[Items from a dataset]
Content starts
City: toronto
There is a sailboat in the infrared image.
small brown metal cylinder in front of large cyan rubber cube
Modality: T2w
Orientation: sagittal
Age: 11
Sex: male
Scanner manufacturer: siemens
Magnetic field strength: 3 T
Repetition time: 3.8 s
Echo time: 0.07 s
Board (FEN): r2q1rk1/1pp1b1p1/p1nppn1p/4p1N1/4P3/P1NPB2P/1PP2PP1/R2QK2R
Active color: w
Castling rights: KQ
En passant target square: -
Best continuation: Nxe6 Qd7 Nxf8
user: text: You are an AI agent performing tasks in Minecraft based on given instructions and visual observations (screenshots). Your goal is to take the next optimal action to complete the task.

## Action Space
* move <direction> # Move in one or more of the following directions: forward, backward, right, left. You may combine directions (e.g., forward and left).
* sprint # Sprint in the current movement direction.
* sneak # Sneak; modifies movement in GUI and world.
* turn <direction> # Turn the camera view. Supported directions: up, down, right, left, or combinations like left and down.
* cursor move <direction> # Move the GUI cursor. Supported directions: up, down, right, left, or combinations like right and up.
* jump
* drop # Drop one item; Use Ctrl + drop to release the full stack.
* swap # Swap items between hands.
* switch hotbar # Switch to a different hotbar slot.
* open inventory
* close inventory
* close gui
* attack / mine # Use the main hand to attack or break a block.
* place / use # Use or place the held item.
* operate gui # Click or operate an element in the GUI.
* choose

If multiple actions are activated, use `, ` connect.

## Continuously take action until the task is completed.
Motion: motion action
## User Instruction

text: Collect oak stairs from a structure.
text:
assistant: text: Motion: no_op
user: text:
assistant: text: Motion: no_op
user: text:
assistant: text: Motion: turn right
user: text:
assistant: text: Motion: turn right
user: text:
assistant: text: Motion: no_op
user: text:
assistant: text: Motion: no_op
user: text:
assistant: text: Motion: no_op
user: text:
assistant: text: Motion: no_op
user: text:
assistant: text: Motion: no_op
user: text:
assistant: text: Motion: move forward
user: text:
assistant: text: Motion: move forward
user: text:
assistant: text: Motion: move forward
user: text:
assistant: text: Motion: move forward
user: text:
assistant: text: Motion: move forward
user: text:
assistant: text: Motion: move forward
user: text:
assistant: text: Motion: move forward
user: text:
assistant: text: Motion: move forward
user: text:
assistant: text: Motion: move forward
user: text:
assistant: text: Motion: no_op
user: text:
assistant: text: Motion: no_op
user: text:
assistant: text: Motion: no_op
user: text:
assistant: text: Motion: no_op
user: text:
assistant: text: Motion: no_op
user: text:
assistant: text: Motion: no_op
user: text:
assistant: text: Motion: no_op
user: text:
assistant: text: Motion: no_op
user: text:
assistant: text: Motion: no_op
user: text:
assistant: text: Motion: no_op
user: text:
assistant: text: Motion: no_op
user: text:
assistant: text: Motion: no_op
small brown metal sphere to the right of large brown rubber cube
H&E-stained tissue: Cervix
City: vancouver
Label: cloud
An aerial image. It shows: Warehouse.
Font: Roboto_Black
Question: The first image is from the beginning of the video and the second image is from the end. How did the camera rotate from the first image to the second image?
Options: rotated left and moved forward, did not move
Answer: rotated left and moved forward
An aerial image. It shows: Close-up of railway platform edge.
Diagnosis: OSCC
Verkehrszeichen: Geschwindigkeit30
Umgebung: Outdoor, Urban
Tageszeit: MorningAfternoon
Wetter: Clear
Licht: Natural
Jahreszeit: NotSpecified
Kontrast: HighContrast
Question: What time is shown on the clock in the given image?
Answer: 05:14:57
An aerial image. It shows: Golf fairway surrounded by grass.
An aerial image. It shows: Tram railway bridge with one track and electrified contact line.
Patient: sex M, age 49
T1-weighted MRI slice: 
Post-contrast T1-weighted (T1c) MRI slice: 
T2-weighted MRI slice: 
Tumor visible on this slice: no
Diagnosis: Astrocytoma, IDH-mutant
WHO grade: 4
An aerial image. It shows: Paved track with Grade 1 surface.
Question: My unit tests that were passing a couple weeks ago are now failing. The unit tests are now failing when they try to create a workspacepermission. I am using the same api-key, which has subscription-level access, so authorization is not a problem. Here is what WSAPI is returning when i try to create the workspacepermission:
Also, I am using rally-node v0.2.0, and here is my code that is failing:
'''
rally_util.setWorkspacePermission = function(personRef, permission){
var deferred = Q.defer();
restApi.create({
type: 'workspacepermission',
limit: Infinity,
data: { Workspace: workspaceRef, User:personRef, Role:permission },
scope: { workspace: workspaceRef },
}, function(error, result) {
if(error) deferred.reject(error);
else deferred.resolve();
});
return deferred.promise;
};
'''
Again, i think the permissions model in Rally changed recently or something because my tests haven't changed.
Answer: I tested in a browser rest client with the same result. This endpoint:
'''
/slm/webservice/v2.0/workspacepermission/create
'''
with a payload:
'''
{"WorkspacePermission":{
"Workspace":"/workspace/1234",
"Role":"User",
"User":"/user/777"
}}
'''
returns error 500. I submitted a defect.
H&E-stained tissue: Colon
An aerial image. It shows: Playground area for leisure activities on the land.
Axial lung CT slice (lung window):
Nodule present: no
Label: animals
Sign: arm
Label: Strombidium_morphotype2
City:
Content ends
Instructions to follow:
Nothing beyond the line that contains "## Action Space" belongs in the answer; reproduce the entries exactly from their first line through it.

Answer:
City: toronto
There is a sailboat in the infrared image.
small brown metal cylinder in front of large cyan rubber cube
Modality: T2w
Orientation: sagittal
Age: 11
Sex: male
Scanner manufacturer: siemens
Magnetic field strength: 3 T
Repetition time: 3.8 s
Echo time: 0.07 s
Board (FEN): r2q1rk1/1pp1b1p1/p1nppn1p/4p1N1/4P3/P1NPB2P/1PP2PP1/R2QK2R
Active color: w
Castling rights: KQ
En passant target square: -
Best continuation: Nxe6 Qd7 Nxf8
user: text: You are an AI agent performing tasks in Minecraft based on given instructions and visual observations (screenshots). Your goal is to take the next optimal action to complete the task.

## Action Space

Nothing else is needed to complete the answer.